Answer:
a) [tex]p = 21.934\,\frac{kg\cdot m}{s}[/tex], b) [tex]E=54.176\,J[/tex], c) [tex]p = 21.929\,\frac{kg\cdot m}{s}[/tex], d) [tex]E=54.161\,J[/tex], e) A perfectly elastic collision (e = 1).
Explanation:
a) The total momentum of the two cart system before the collision is:
[tex]p = (4.44\,kg)\cdot (4.94\,\frac{m}{s} )+(2.81\,kg)\cdot (0\,\frac{m}{s} )[/tex]
[tex]p = 21.934\,\frac{kg\cdot m}{s}[/tex]
b) The total kinetic energy of the two cart system before the collision is:
[tex]E = \frac{1}{2}\cdot (4.44\,kg)\cdot (4.94\,\frac{m}{s} )^{2} + \frac{1}{2}\cdot (2.81\,kg)\cdot (0\,\frac{m}{s} )^{2}[/tex]
[tex]E=54.176\,J[/tex]
c) The total momentum of the two cart system after the collision is:
[tex]p = (4.44\,kg)\cdot (1.11\,\frac{m}{s} )+(2.81\,kg)\cdot (6.05\,\frac{m}{s} )[/tex]
[tex]p = 21.929\,\frac{kg\cdot m}{s}[/tex]

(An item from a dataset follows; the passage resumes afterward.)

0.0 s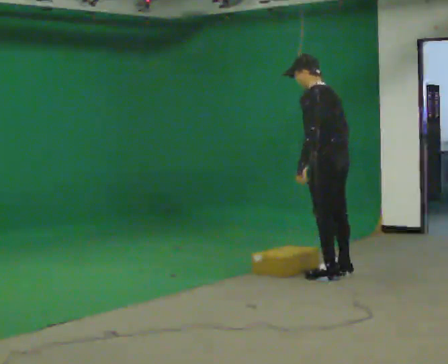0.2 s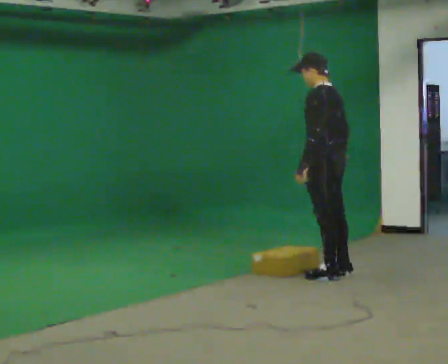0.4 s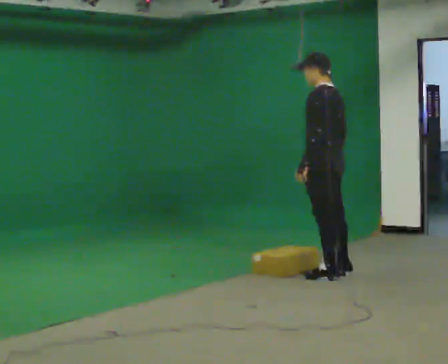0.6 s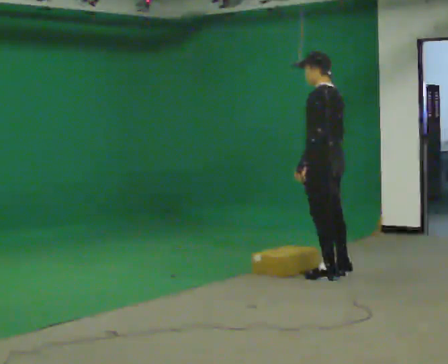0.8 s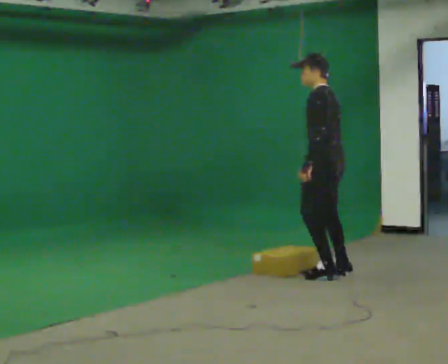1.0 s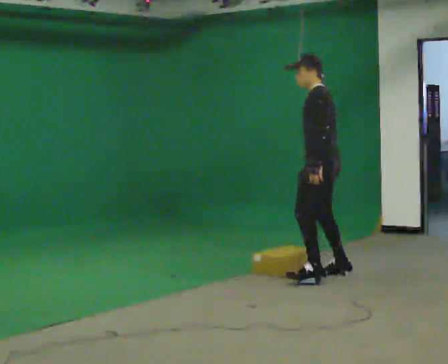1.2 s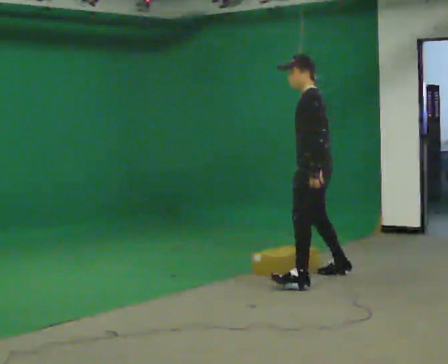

d) The total kinetic energy of the two cart system after the collision is:
[tex]E = \frac{1}{2}\cdot (4.44\,kg)\cdot (1.11\,\frac{m}{s} )^{2} + \frac{1}{2}\cdot (2.81\,kg)\cdot (6.05\,\frac{m}{s} )^{2}[/tex]
[tex]E=54.161\,J[/tex]
e) The coefficient of restitution, which is useful to distinguish elastic collisions from inelastic ones is given by following ratio:
[tex]e = \frac{E_{f}}{E_{o}}[/tex]
[tex]e = \frac{54.161\,J}{54.176\,J}[/tex]
[tex]e = 1[/tex]
Which is a perfectly elastic collision.